Mme la présidente. La parole est à Mme la ministre des outre-mer.

Mme George Pau-Langevin, ministre des outre-mer. Il est vrai, monsieur le député, que la collectivité de Saint-Martin, compte tendu de l'autonomie fiscale pour laquelle elle a opté, ne peut bénéficier, comme les DOM, du CICE renforcé. Plusieurs points doivent néanmoins être précisés dans ce débat que nous avons depuis longtemps.

En premier lieu, cette mesure n'affecte qu'à la marge le dispositif – 70 millions d'euros sur plus de 1 milliard.

Deuxièmement, ces exonérations, recentrées sur les bas salaires, là où elles sont le plus efficaces, demeurent bien plus généreuses que les exonérations dites « nationales ».

Troisièmement, n'oublions pas qu'elles sont renforcées pour les entreprises exposées à la concurrence, en particulier dans les secteurs du tourisme et de l'hôtellerie, dont on connaît l'importance pour Saint-Martin : dès le 1er janvier prochain, les salaires y seront exonérés au taux de 100 % jusqu'à 1,7 SMIC ; de nouvelles exonérations s'appliquent ensuite, de façon que le point de sortie des dispositifs d'exonération est porté à 4,5 SMIC puisque les entreprises visées sont « hors CICE ». Le Gouvernement a donc compensé l'absence du CICE pour Saint-Martin.

Quatrièmement, plutôt que de viser les exonérations, le Gouvernement aurait pu supprimer le service militaire adapté – SMA –, le fonds exceptionnel d'investissement – FEI –, les contrats ou la formation en mobilité : autant de dispositifs que nous avons préservés et même renforcés, et qui serviront au développement de Saint-Martin, avec un impact direct sur le carnet de commandes des entreprises.

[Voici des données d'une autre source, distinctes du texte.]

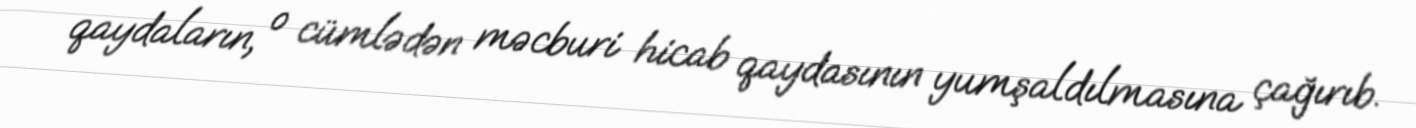
qaydaların, o cümlədən məcburi hicab qaydasının yumşaldılmasına çağırıb.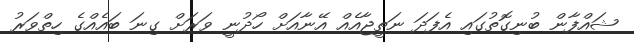
ޝައްފާން ބުނިގޮތުގައި އެފަދަ ނަތީޖާއެއް އޭނާއަށް ހޯދުނީ ވަރަށް ގިނަ ބައެއްގެ ހިތްވަރު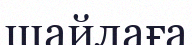
шайлаға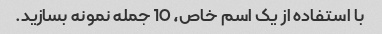
با استفاده از یک اسم خاص، 10 جمله نمونه بسازید.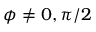
\phi \neq 0 , \pi / 2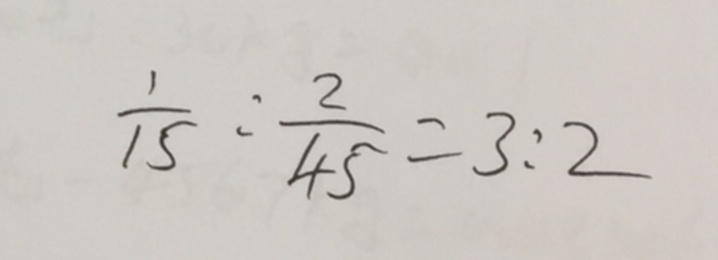
\frac { 1 } { 1 5 } : \frac { 2 } { 4 5 } = 3 : 2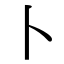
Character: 卜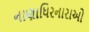
નાણાધિરનારાઓ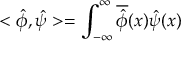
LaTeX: < \hat { \phi } , \hat { \psi } > = \int _ { - \infty } ^ { \infty } \overline { { { \hat { \phi } } } } ( x ) \hat { \psi } ( x )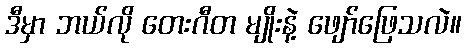
ဒီမှာ ဘယ်လို တေးဂီတ မျိုးနဲ့ ဖျော်ဖြေသလဲ။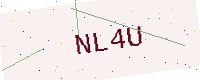
Text: NL4U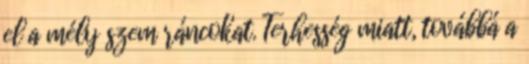
el a mély szem ráncokat. Terhesség miatt, továbbá a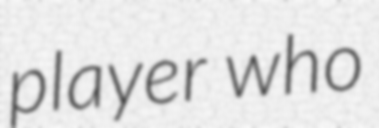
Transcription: player who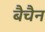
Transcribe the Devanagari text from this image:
बैचैन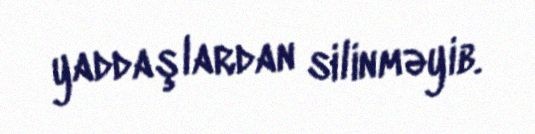
yaddaşlardan silinməyib.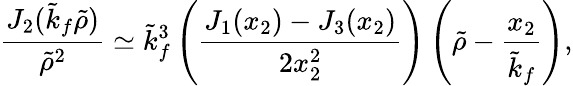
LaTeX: \frac{J_{2}(\tilde{k}_{f}\tilde{\rho})}{\tilde{\rho}^{2}}\simeq\tilde{k}_{f}^{3}\left(\frac{J_{1}(x_{2})-J_{3}(x_{2})}{2x_{2}^{2}}\right)\left(\tilde{\rho}-\frac{x_{2}}{\tilde{k}_{f}}\right),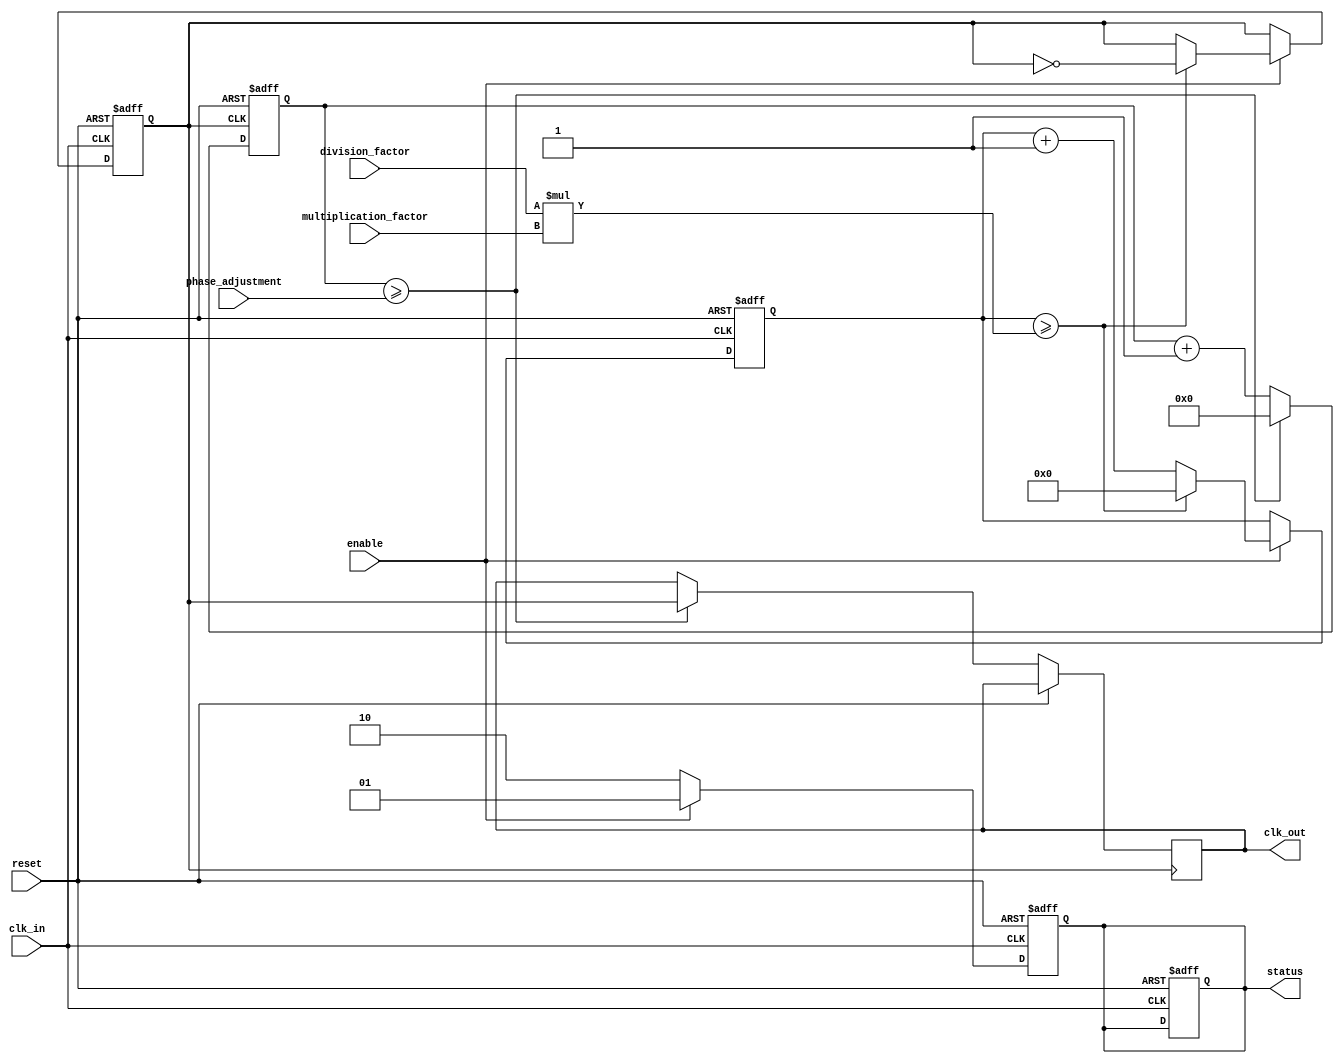
module ProgrammableClockBuffer (
    input wire clk_in,                     // Input clock signal
    input wire [3:0] division_factor,     // Programmable division factor
    input wire [3:0] multiplication_factor, // Programmable multiplication factor
    input wire [3:0] phase_adjustment,     // Programmable phase adjustment
    input wire enable,                     // Enable signal
    input wire reset,                      // Reset signal
    output reg clk_out,                   // Output clock signal
    output reg [1:0] status               // Status indicator
);
    
    // Internal variables
    reg [31:0] clk_divider;                // Divider counter
    reg [31:0] clk_multiplier;             // Multiplier counter
    reg clk_out_temp;                      // Temporary output clock signal
    reg [3:0] phase_counter;               // Phase adjustment counter
    
    initial begin
        clk_out = 0;
        clk_divider = 0;
        clk_multiplier = 0;
        phase_counter = 0;
        status = 2'b00;                    // Default status
    end

    // Clock divider logic
    always @(posedge clk_in or posedge reset) begin
        if (reset) begin
            clk_divider <= 0;
            clk_out_temp <= 0;
            status <= 2'b00;               // Reset status
        end else if (enable) begin
            // Increment divider counter
            clk_divider <= clk_divider + 1;
            if (clk_divider >= (division_factor * multiplication_factor)) begin
                clk_out_temp <= ~clk_out_temp; // Toggle output clock
                clk_divider <= 0;               // Reset divider
            end
        end
    end

    // Phase adjustment logic
    always @(posedge clk_out_temp or posedge reset) begin
        if (reset) begin
            phase_counter <= 0;
        end else begin
            phase_counter <= phase_counter + 1;
            if (phase_counter >= phase_adjustment) begin
                clk_out <= clk_out_temp;         // Assign adjusted clock
                phase_counter <= 0;               // Reset phase counter
            end
        end
    end

    // Status monitoring
    always @(posedge clk_in or posedge reset) begin
        if (reset) begin
            status <= 2'b00;                   // Reset status
        end else if (enable) begin
            status <= 2'b01;                   // Clock buffer enabled
        end else begin
            status <= 2'b10;                   // Clock buffer disabled
        end
    end

endmodule
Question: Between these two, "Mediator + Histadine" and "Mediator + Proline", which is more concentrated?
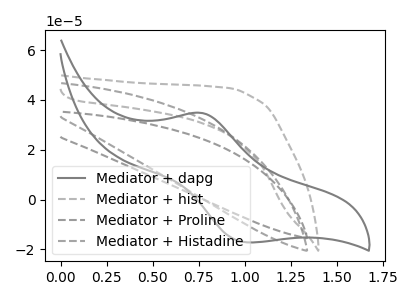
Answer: <think>The gray curve "Mediator + dapg" has an anodic peak at (0.75V, 34.80uA) and a cathodic peak at (1.00V, -17.15uA). The gray dashed curve "Mediator + hist" has no peaks. The gray dashed curve "Mediator + Proline" has no peaks. The gray dashed curve "Mediator + Histadine" has no peaks.
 Neither "Mediator + Histadine" or "Mediator + Proline" have any peaks.</think>
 <answer>I cant tell if "Mediator + Histadine" or "Mediator + Proline" has higher concentration.</answer>
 <eval>mixed_concentration</eval>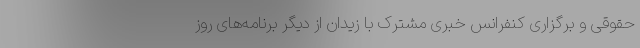
حقوقی و برگزاری کنفرانس خبری مشترک با زیدان از دیگر برنامه‌های روز
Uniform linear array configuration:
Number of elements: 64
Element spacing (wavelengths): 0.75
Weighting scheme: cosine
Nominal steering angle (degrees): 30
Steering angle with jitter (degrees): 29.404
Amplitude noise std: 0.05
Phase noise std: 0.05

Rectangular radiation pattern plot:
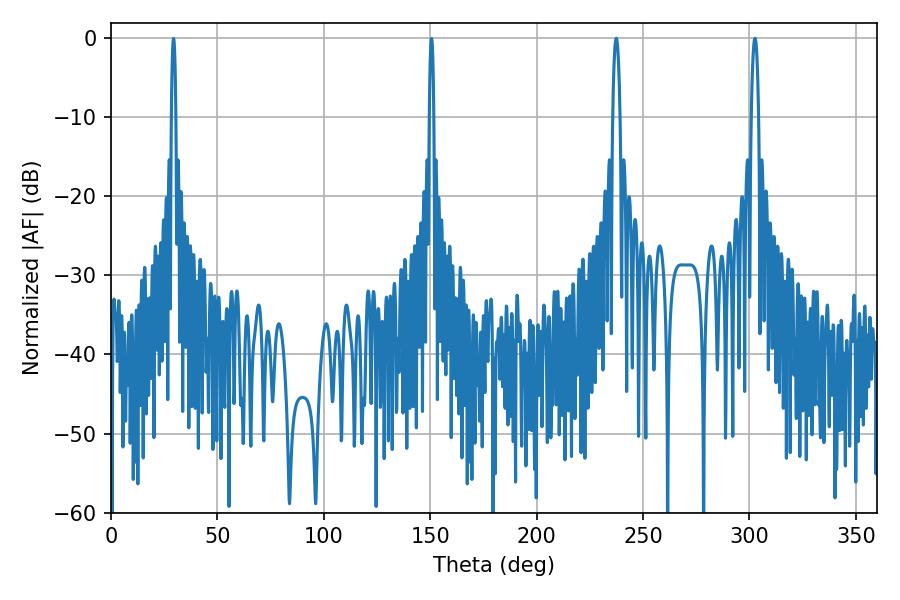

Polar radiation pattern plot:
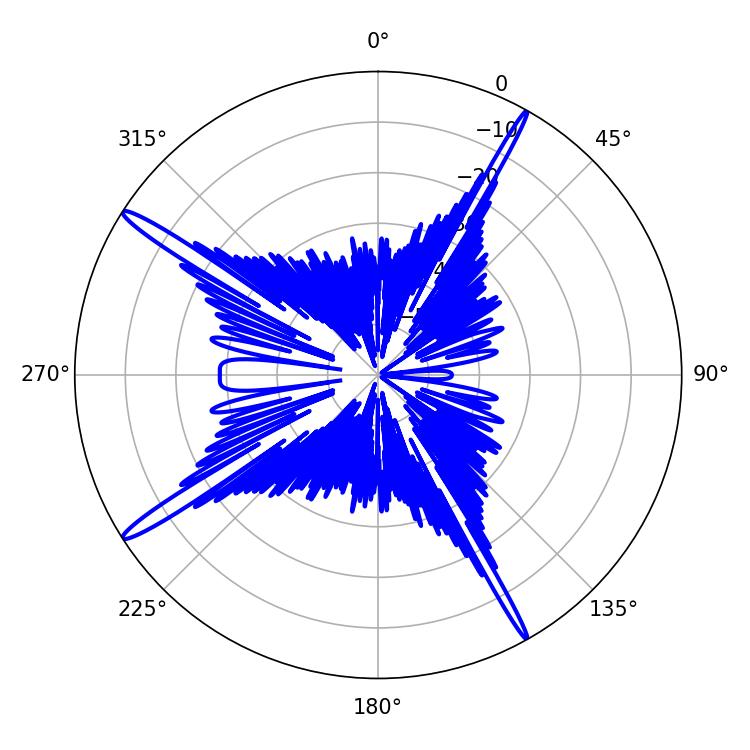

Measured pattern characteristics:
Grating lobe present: TRUE
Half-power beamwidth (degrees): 1.8
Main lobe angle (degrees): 237.42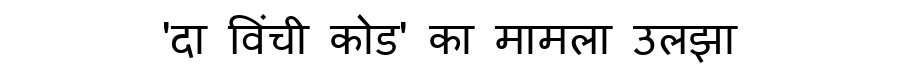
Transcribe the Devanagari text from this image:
'दा विंची कोड' का मामला उलझा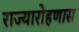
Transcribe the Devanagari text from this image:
राज्यारोहणास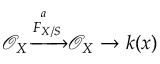
{ \mathcal { O } } _ { X } { \xrightarrow { { \overset { } { F } } _ { X / S } ^ { a } } } { \mathcal { O } } _ { X } \to k ( x )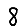
Digit: 8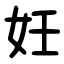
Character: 妊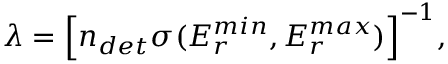
\lambda = \Bigl [ n _ { d e t } \sigma ( E _ { r } ^ { m i n } , E _ { r } ^ { m a x } ) \Bigr ] ^ { - 1 } ,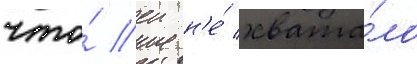
что́ еи н'е́ хвата́ло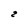
Character: 2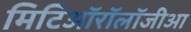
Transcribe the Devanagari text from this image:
मिटिऑरॉलॉजीआ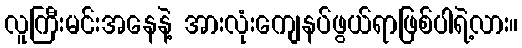
လူကြီးမင်းအနေနဲ့ အားလုံးကျေနပ်ဖွယ်ရာဖြစ်ပါရဲ့လား။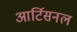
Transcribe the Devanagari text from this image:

S'agissant de votre proposition d'intégrer le PIB de Saint-Martin dans les agrégats qui servent à calculer le déficit, j'en comprends le sens. L'idée est intéressante et ne me semble pas a priori incompatible avec la règle européenne fixant le calcul de ce déficit. Nous pouvons donc y travailler.

Gardons-nous cependant d'un raisonnement hâtif qui mettrait en relation la part des dépenses publiques avec la contribution des territoires au PIB de la nation, car il ne servirait pas forcément l'intérêt de tous les territoires, notamment dans les outre-mer.

Nous avons beaucoup de chantiers structurants à mener ensemble pour le développement de Saint-Martin et l'accompagnement de la collectivité. Je suis évidemment déterminée à y œuvrer, et prête à dialoguer avec vous sur ce sujet aussi.

Mme la présidente. La parole est à M. Daniel Gibbes.

M. Daniel Gibbes. Je connais les efforts consentis par Mme la ministre pour faire avancer les dossiers épineux de Saint-Martin, petit territoire qui, récemment devenu collectivité d'outre-mer régie par l'article 74 de la Constitution, subit une double, voire une triple sanction. Vous connaissez, madame la ministre, les inconvénients particuliers liés à cette situation dont nous discutons souvent, et qui d'ailleurs concerne aussi Saint-Barthélemy. Il faut la regarder de près, notamment en incluant le PIB de notre collectivité dans les agrégats nationaux.